# WORK ITEM
The lines to transcribe run from the top of the material below to the line with "The image shows 44", inclusive. Leave the pictures behind.

━━━ DATA SHOWN ━━━

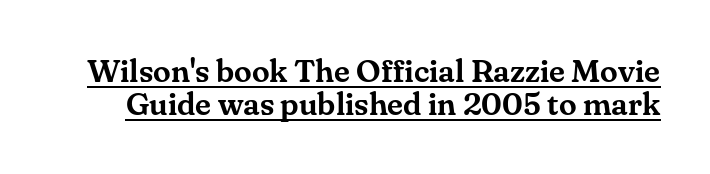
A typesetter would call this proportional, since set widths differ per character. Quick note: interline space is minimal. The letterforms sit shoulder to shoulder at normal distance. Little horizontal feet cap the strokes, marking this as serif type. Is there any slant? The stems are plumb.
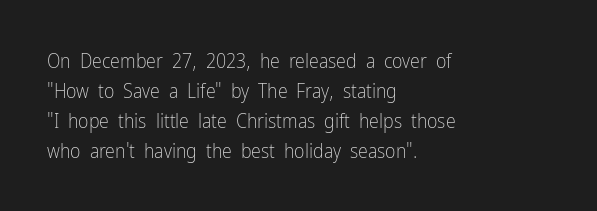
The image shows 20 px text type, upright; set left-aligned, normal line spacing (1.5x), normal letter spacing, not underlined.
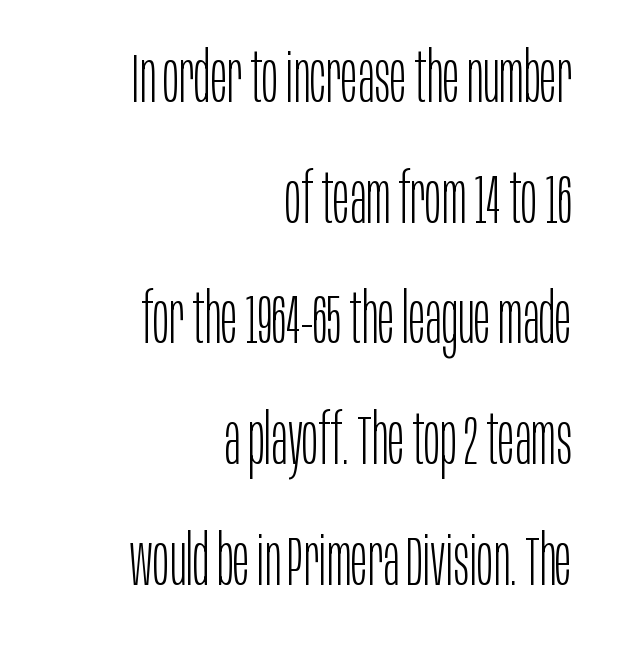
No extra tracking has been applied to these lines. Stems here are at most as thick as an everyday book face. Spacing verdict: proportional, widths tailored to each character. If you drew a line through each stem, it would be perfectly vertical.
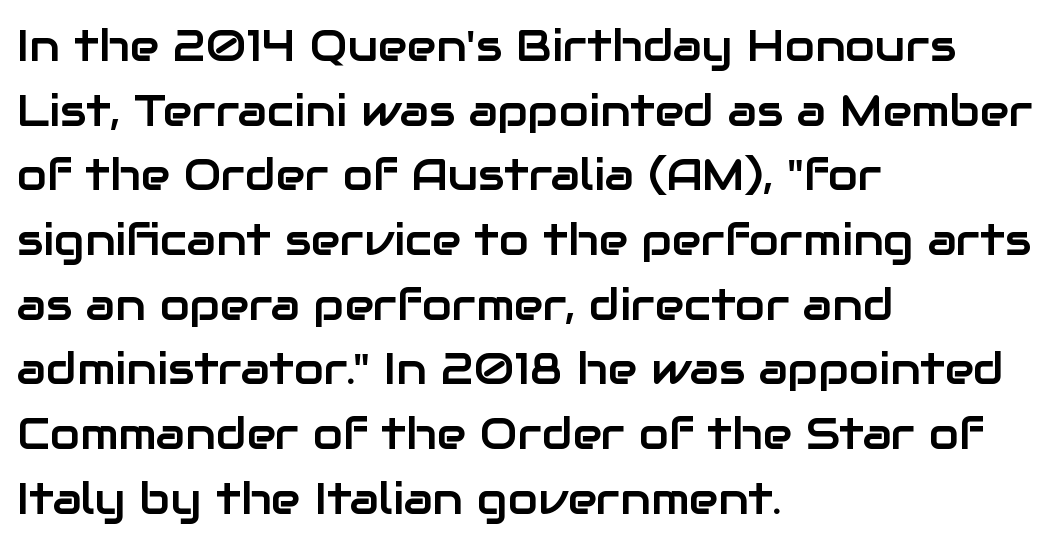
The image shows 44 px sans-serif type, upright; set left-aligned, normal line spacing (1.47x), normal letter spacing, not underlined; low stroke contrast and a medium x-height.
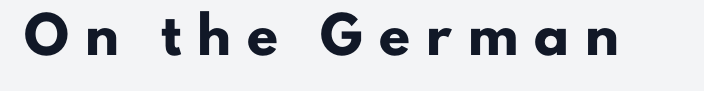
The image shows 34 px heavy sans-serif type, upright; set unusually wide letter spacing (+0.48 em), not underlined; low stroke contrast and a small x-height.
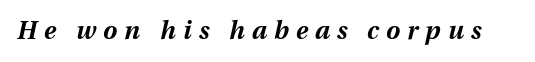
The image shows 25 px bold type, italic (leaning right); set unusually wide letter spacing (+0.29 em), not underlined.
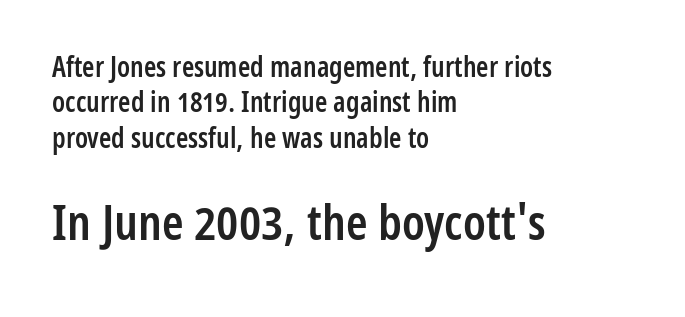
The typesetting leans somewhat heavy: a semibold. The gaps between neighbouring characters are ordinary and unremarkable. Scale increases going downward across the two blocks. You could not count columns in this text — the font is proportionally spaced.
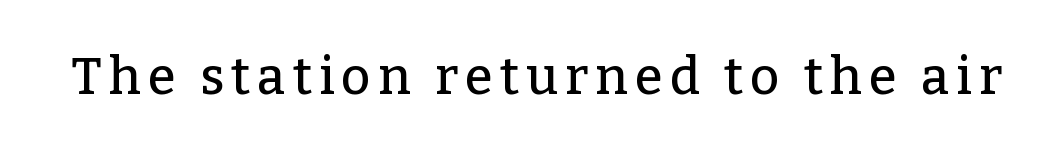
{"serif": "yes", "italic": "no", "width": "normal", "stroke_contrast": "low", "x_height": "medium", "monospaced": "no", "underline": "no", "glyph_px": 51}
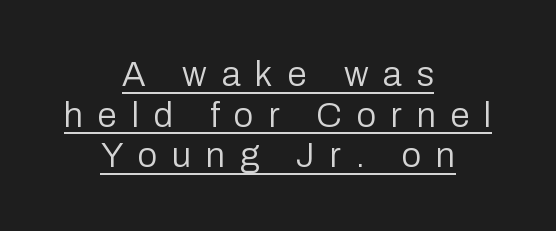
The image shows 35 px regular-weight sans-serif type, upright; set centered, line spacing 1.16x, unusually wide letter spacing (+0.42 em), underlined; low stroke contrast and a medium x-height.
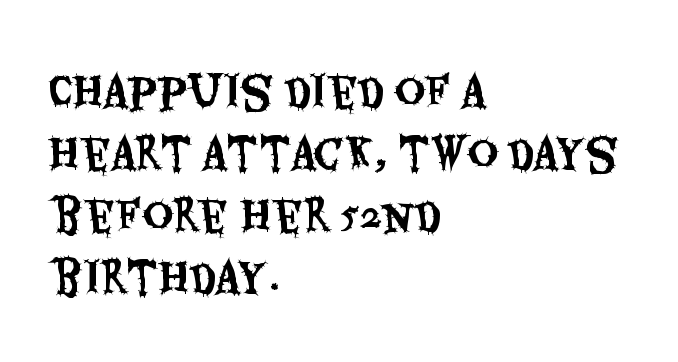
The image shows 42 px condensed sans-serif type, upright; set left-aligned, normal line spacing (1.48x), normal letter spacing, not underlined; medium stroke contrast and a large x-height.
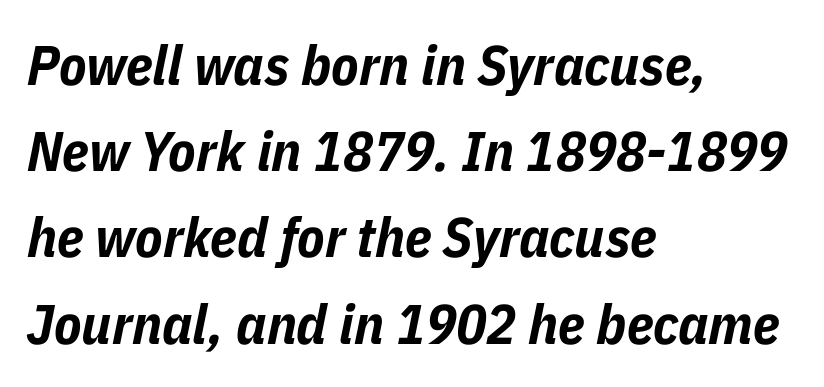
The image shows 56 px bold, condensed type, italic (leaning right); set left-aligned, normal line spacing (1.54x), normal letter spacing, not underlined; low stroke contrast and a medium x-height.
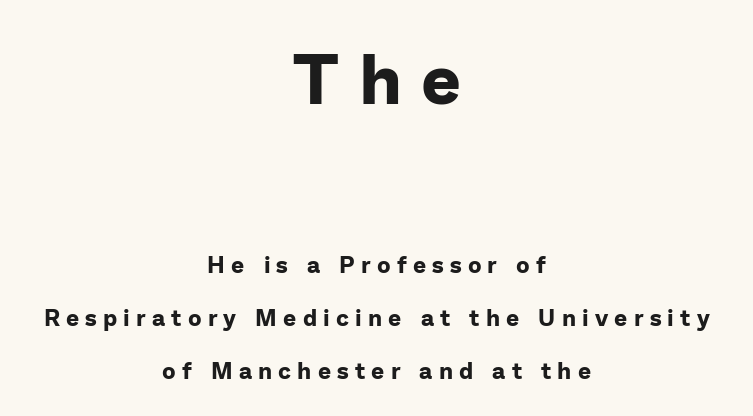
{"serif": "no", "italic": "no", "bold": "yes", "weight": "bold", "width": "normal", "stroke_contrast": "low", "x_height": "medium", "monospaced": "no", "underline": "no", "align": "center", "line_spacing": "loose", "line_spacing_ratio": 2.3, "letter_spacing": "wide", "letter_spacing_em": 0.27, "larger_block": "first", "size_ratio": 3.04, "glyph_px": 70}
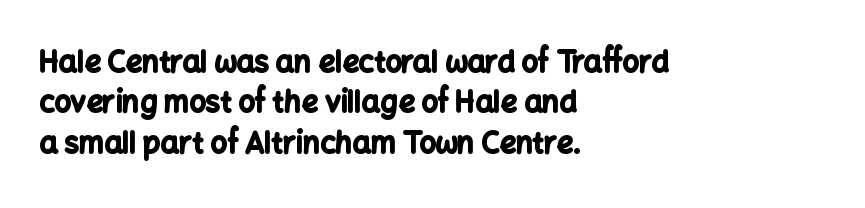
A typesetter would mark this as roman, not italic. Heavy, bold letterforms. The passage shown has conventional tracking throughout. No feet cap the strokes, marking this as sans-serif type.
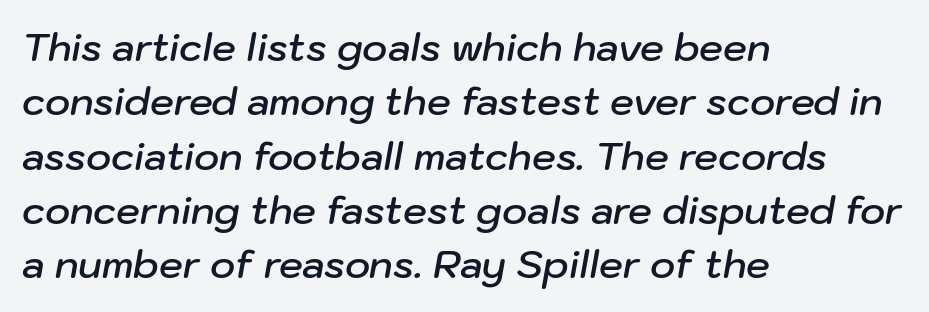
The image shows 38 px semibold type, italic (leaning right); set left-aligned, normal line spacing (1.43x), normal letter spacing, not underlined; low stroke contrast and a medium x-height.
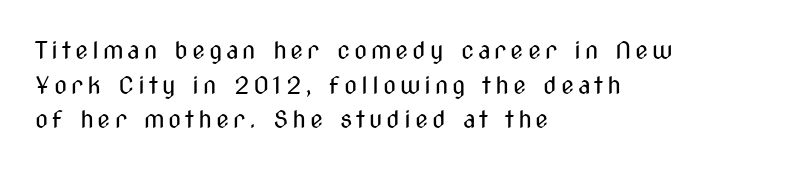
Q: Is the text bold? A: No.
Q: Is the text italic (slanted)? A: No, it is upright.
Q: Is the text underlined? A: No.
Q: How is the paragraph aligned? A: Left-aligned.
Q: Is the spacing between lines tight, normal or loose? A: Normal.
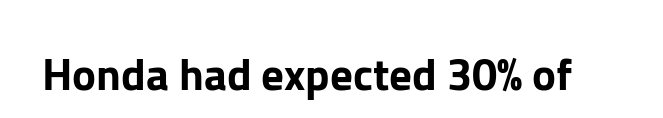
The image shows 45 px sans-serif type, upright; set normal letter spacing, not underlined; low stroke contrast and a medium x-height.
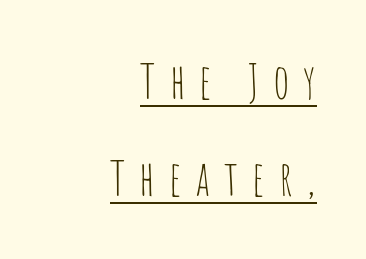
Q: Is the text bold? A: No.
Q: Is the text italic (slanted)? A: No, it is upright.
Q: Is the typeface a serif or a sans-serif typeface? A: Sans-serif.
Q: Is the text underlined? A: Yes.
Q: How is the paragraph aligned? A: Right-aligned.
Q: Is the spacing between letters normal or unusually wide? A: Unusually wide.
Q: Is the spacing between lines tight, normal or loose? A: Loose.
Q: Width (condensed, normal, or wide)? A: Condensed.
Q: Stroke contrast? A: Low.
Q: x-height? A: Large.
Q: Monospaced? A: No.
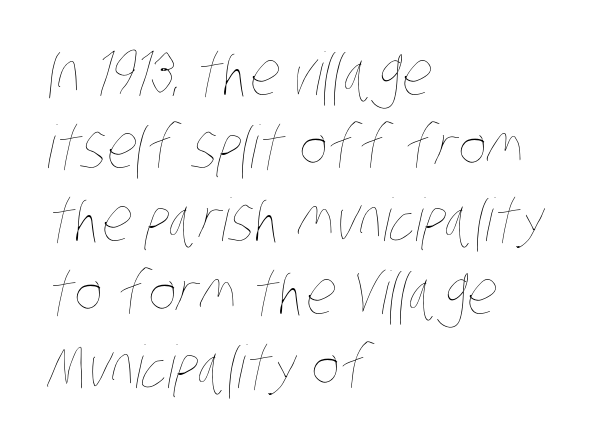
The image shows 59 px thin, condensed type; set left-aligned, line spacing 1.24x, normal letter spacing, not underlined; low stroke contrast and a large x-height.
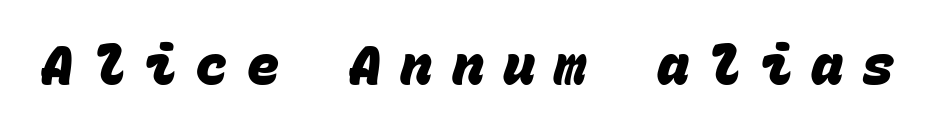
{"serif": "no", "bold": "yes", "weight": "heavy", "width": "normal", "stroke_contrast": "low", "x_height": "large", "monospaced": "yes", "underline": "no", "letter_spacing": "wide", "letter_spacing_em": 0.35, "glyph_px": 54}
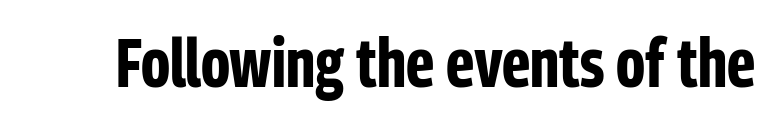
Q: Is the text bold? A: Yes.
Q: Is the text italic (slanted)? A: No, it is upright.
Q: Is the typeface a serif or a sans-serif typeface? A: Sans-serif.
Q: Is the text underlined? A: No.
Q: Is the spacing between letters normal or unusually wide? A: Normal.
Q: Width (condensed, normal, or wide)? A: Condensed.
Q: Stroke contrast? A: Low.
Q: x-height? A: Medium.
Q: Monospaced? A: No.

━━━

# OUTPUT FOR THIS TASK
A typesetter would call this proportional, since set widths differ per character. Quick note: interline space is minimal. The letterforms sit shoulder to shoulder at normal distance. Little horizontal feet cap the strokes, marking this as serif type. Is there any slant? The stems are plumb.
The image shows 20 px text type, upright; set left-aligned, normal line spacing (1.5x), normal letter spacing, not underlined.
No extra tracking has been applied to these lines. Stems here are at most as thick as an everyday book face. Spacing verdict: proportional, widths tailored to each character. If you drew a line through each stem, it would be perfectly vertical.
The image shows 44 px sans-serif type, upright; set left-aligned, normal line spacing (1.47x), normal letter spacing, not underlined; low stroke contrast and a medium x-height.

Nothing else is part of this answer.